Raw TCP/IP Connections
A minor naming problem was found and resolved. During times when a raw TCP/IP connection has been “half disconnected” (one side of the connection has dropped the connection while the other side still thinks it is connected) the reconnecting in-bound connection was being renamed with “-“ appended to the name. In prior release the text “-02” was being appended, and this was a side effect of not fully resolving that. Now presumed to be completed resolved.
NEAR Streams
The allowed baseline distance for an NTRIP Rover device connecting to a NEAR stream Base Station can now be increased from the prior limit of 300 km to 1000 km. In a similar way, the maximum span to average over can now be increased from 1000 km to be 3000 km. This increase was requested by a deployment with an odd use case. As a general rule, baselines over ~60 km are rarely of any use in traditional RTK applications.
The new functionality is reached (in the NEAR stream setup dialog by clicking on one of the buttons market Km, the button text will change to “Km expanded” and the larger values can then be entered. This article explains the function in more depth.
These values are saved when the dialog is saved. If the Km expanded button is checked, and if the current values are larger than the Km setting will allow, they are reduced to the largest allowed value.
RTCM3.x Decoding
Support for decoding and displaying NavIC MSM messages (The Indian GNSS system) has been added.
Support for decoding and displaying QZSS MSM messages (the Japanese GNSS system) has been improved.
Some users are now deploying GNSS Base stations that track the NavIC MSM messages and this trend is expected to grow. However this can be a major problem for older GNSS systems that do not process these messages.

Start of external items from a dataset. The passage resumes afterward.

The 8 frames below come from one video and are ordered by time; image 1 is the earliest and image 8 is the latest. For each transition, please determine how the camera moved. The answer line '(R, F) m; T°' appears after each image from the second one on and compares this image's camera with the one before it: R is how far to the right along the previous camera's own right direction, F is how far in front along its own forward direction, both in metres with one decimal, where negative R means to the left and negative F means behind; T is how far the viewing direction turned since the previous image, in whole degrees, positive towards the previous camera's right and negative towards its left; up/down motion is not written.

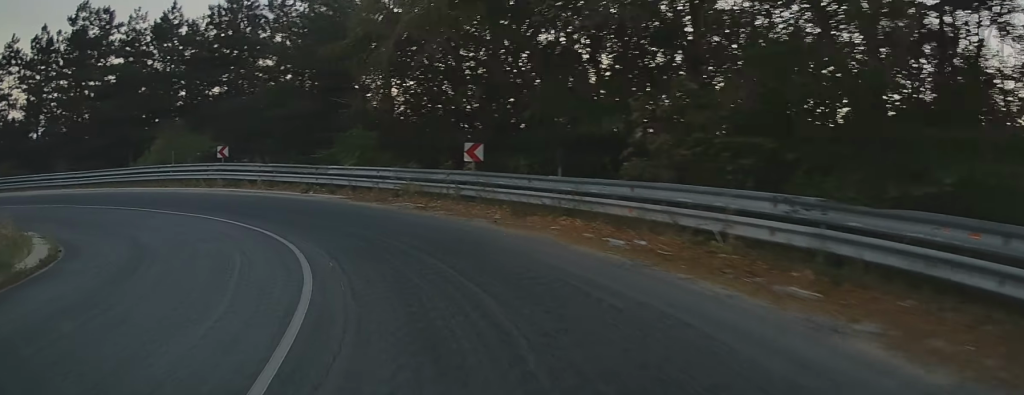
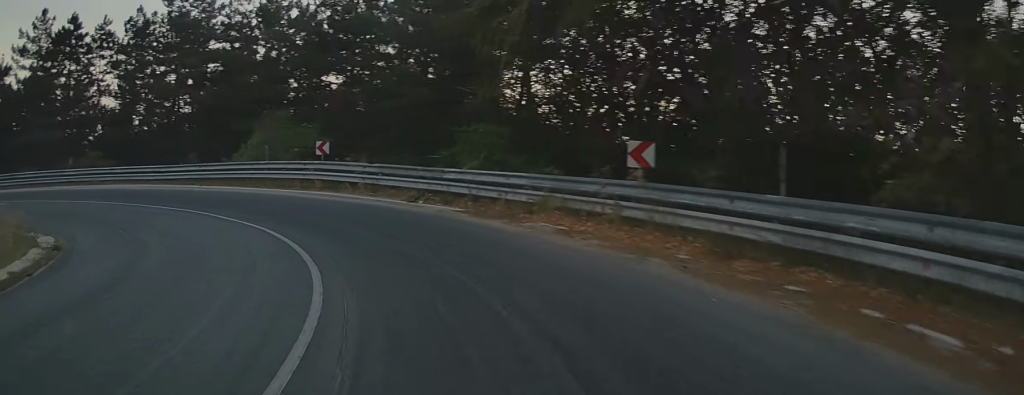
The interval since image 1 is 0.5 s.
(+0.2, +5.7) m; -10°
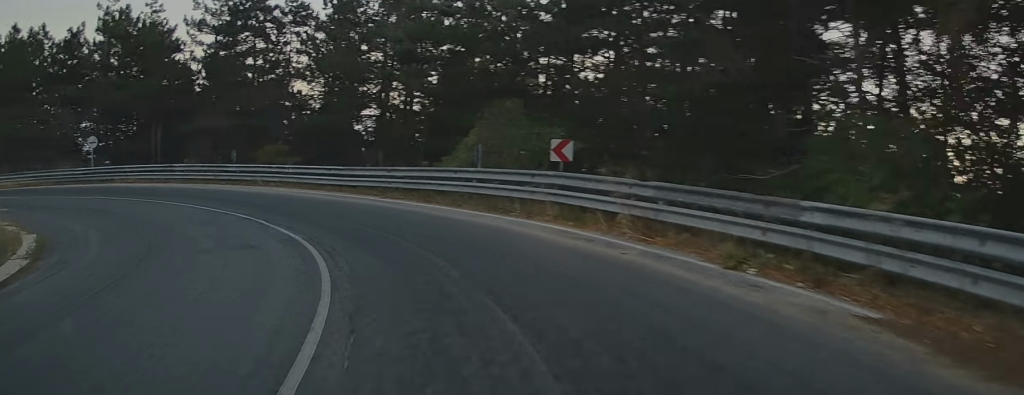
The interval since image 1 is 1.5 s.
(-2.2, +8.6) m; -29°
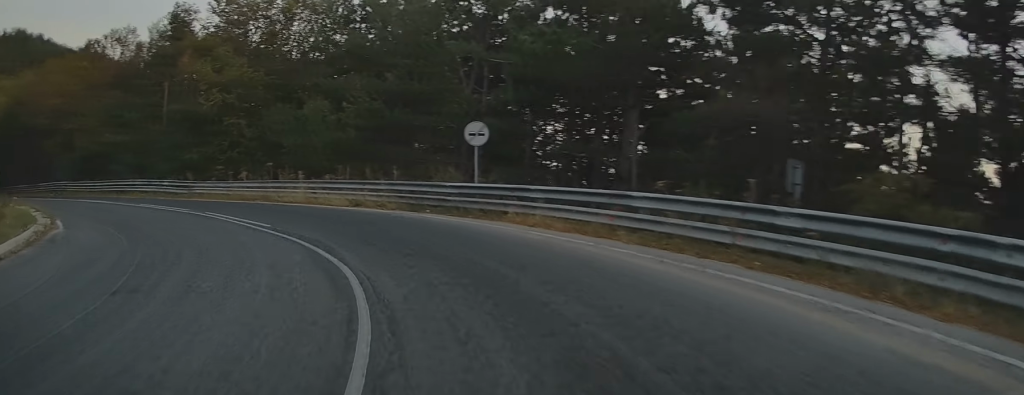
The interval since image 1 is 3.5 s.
(-8.2, +12.5) m; -55°
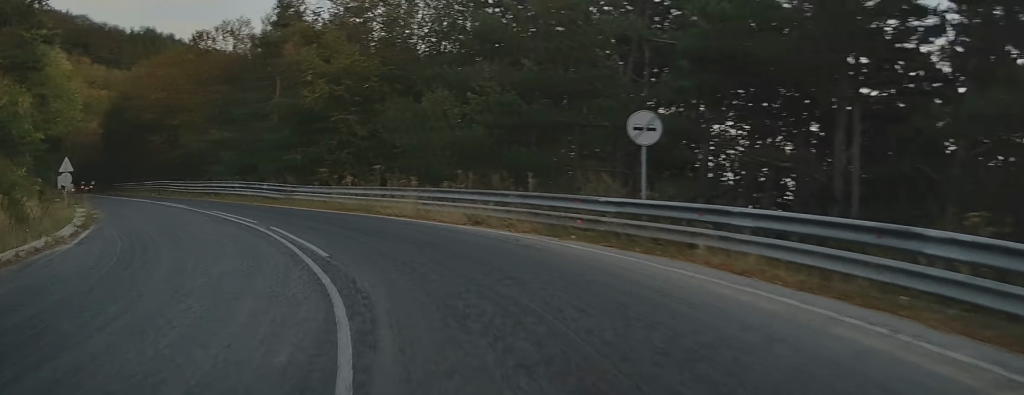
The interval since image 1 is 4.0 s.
(-0.7, +5.6) m; -10°
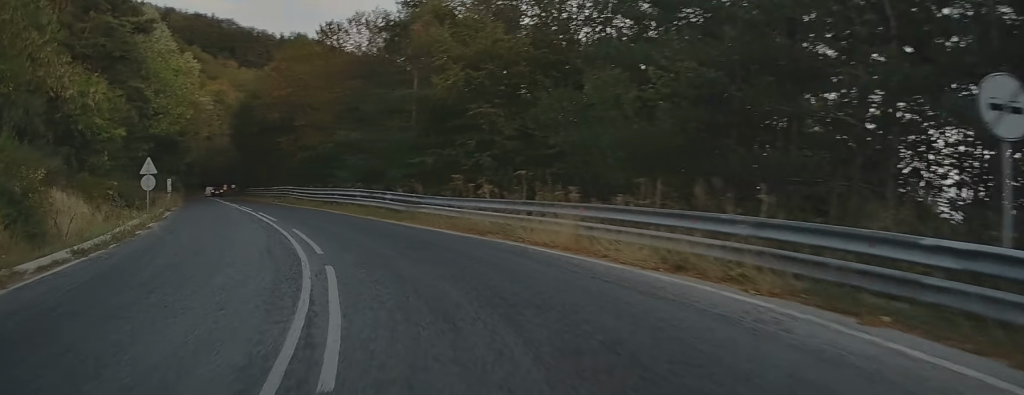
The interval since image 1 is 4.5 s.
(0.0, +6.8) m; -11°
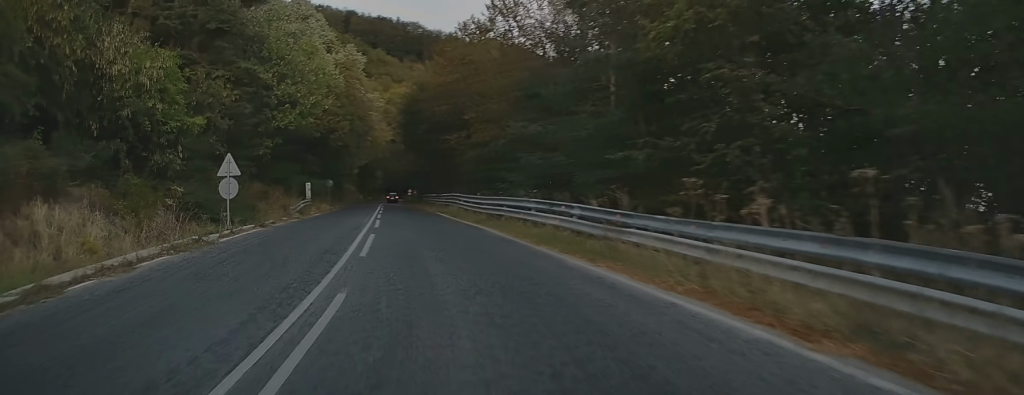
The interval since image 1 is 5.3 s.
(-1.9, +11.2) m; -12°
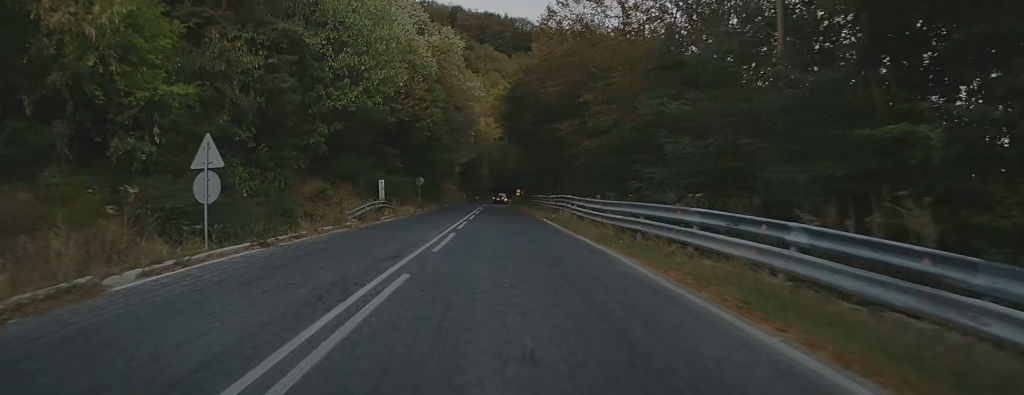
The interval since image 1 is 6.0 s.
(-0.9, +10.0) m; -5°
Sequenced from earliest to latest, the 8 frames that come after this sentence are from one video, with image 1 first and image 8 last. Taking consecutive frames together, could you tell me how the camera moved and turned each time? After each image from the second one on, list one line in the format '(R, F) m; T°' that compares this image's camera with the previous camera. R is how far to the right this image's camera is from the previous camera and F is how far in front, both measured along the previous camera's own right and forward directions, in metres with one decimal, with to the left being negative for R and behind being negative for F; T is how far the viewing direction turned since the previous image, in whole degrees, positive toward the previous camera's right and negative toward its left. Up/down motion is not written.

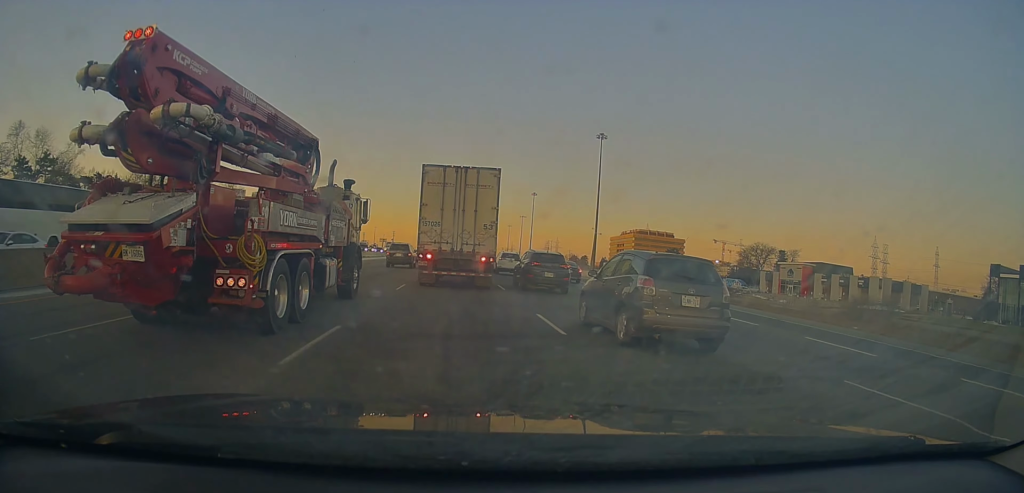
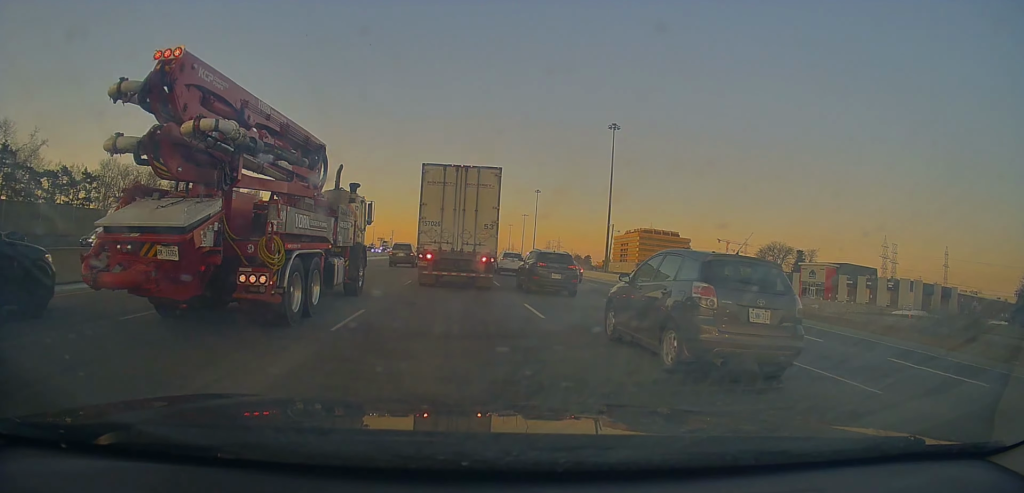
(0.0, +9.5) m; 0°
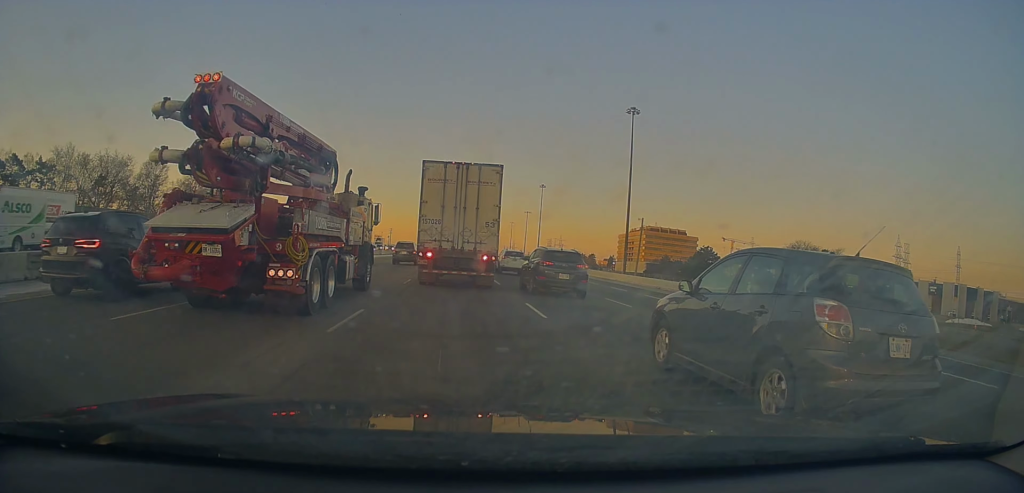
(0.0, +12.6) m; 0°
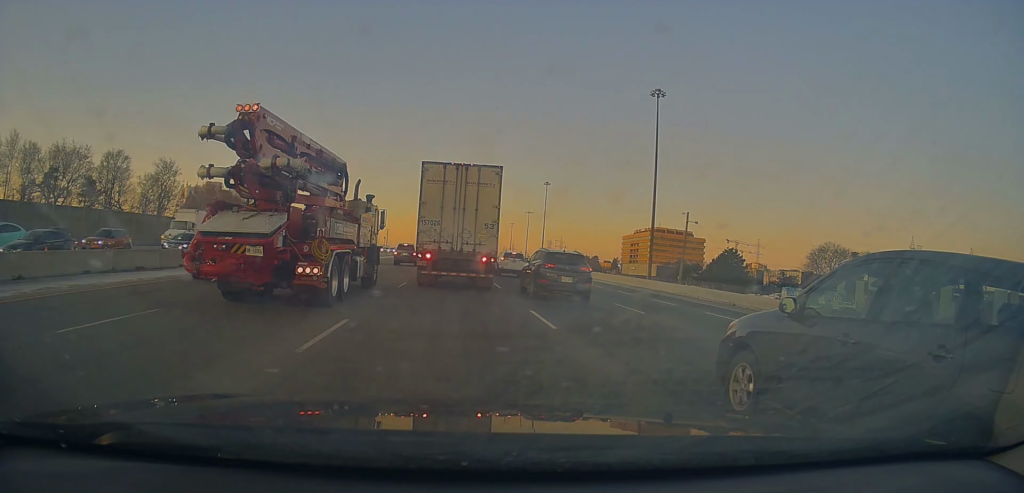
(0.0, +13.9) m; +1°
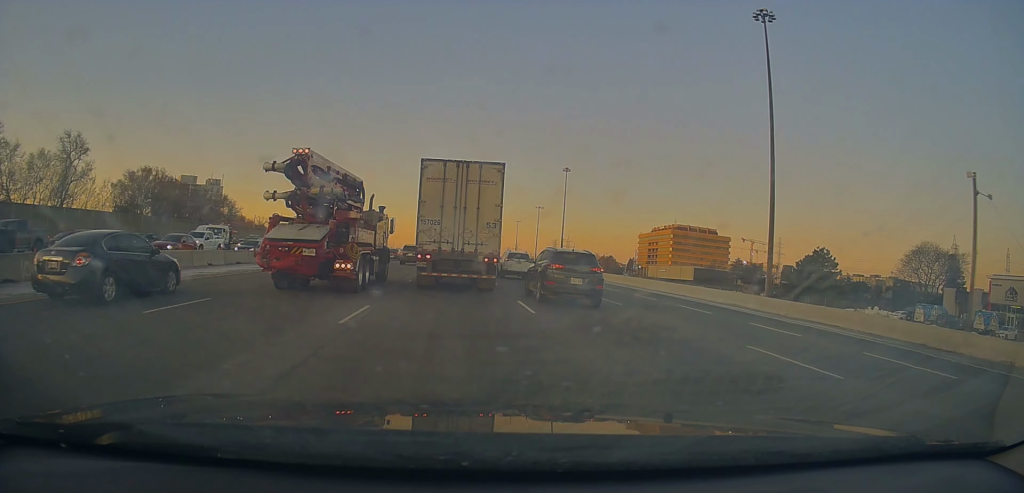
(+0.5, +34.0) m; 0°
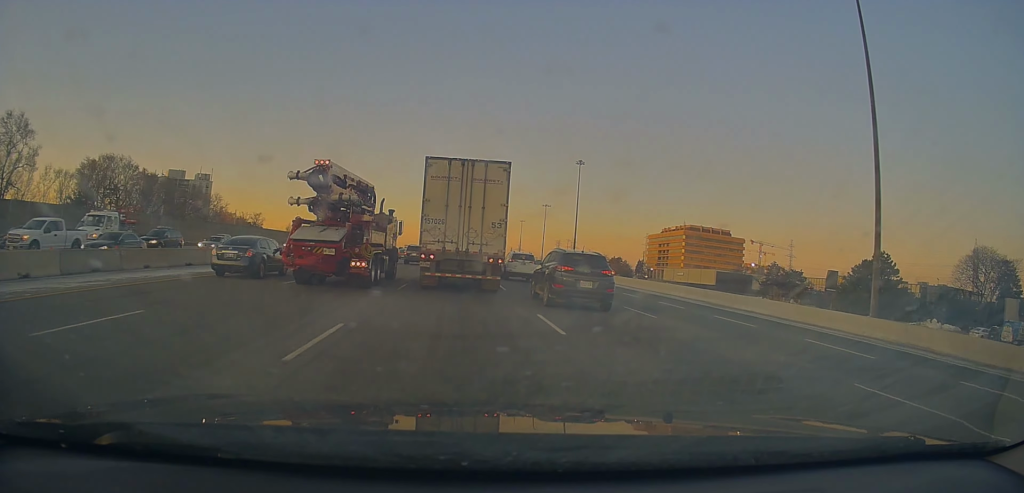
(-0.3, +15.1) m; 0°
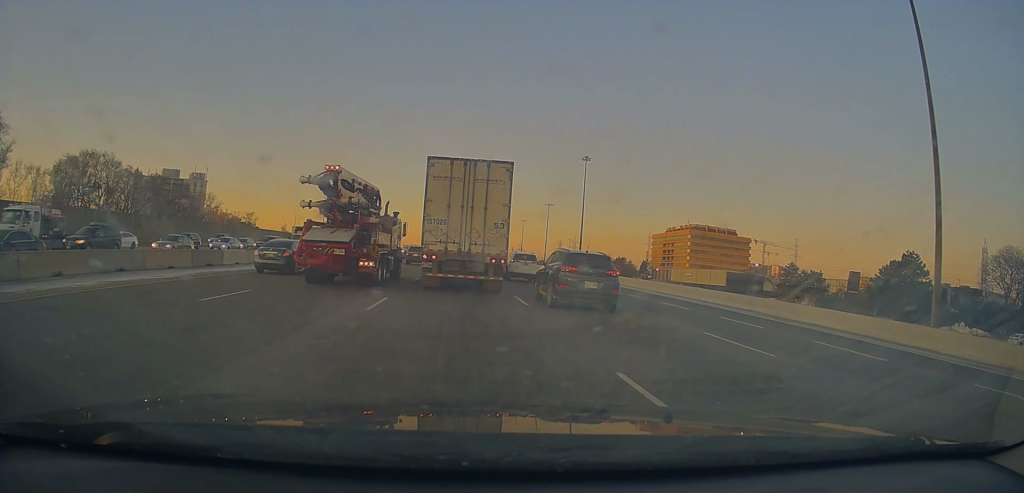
(-0.1, +6.3) m; 0°
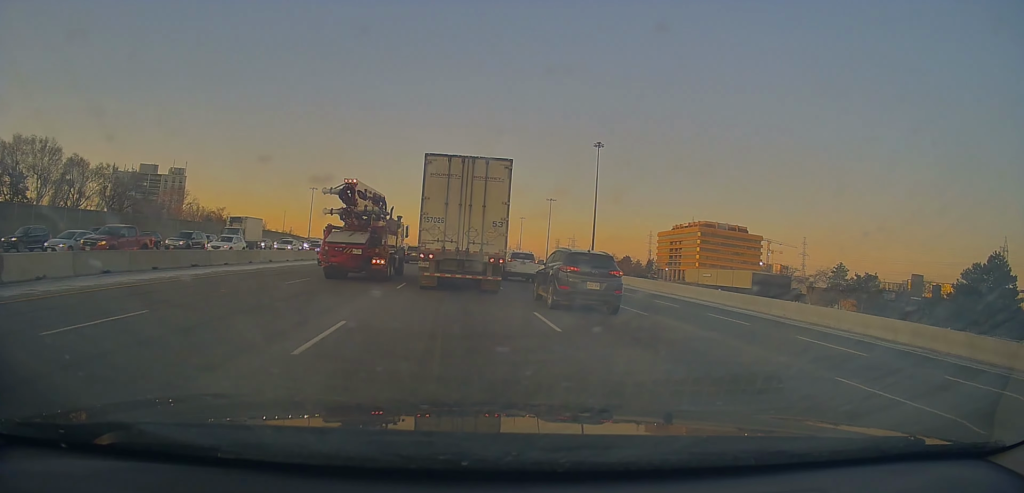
(+0.4, +17.1) m; 0°

In the official order in which sets of MSM messages are sent by RTCM3.x, the NavIC MSM messages is the last one to be sent. Hence, it asserts the “we are done” flag used to signal that a complete set of MSM messages has been delivered (the prior MSM messages in the same will set this flag as ‘more data is coming’ – see DF393 in the actual std). If a rover device does not decode the NavIC MSM messages it will NEVER see the we are done flag set and will never run its navigation filter. And some GNSS base station developers will send an empty NavIC MSM messages just to set this flag (wasteful but allowed by the current RTCM standards). This is already proving to be a problem for some older rover devices that do not decode the NavIC messages. We may add a PFAT transformation to address this in the future if needed.
Recording Raw NTRIP Rover user data
The ability to record raw data streams from any connected NTRIP Client (rover) device has been added. See this article for more details. This control is found as a new tab in the User Account Restrictions dialog.
This ability allows using the rover connection to have the SNIP Caster capture whatever data from the field is wanted. You are not limited to NMEA sentences, but can send back any binary format you wish for any post processing you wish. Crop harvesting data or vehicle performance telemetry are typical examples of such a use.
Misc. Changes
- Additional details about active user restrictions have been added to the User Account report.
- An unused button pertaining to base station clock alignment in the PFAT transformation dialog was removed.
How to Update…
Updates to SNIP are always free and easy. Your Caster will be offline about 3 minutes. From within SNIP, simply use the menu item Help ⇒ Check for Updates… Your update will be downloaded from our secure servers. Then you will be asked to allow SNIP to restart and update itself. On some Windows 10 and 11 systems you must also manually exit the current copy of SNIP to complete the update. It takes about three minutes to do and have your Caster back on-line. All your prior settings and user data details are preserved. That’s all there is to it!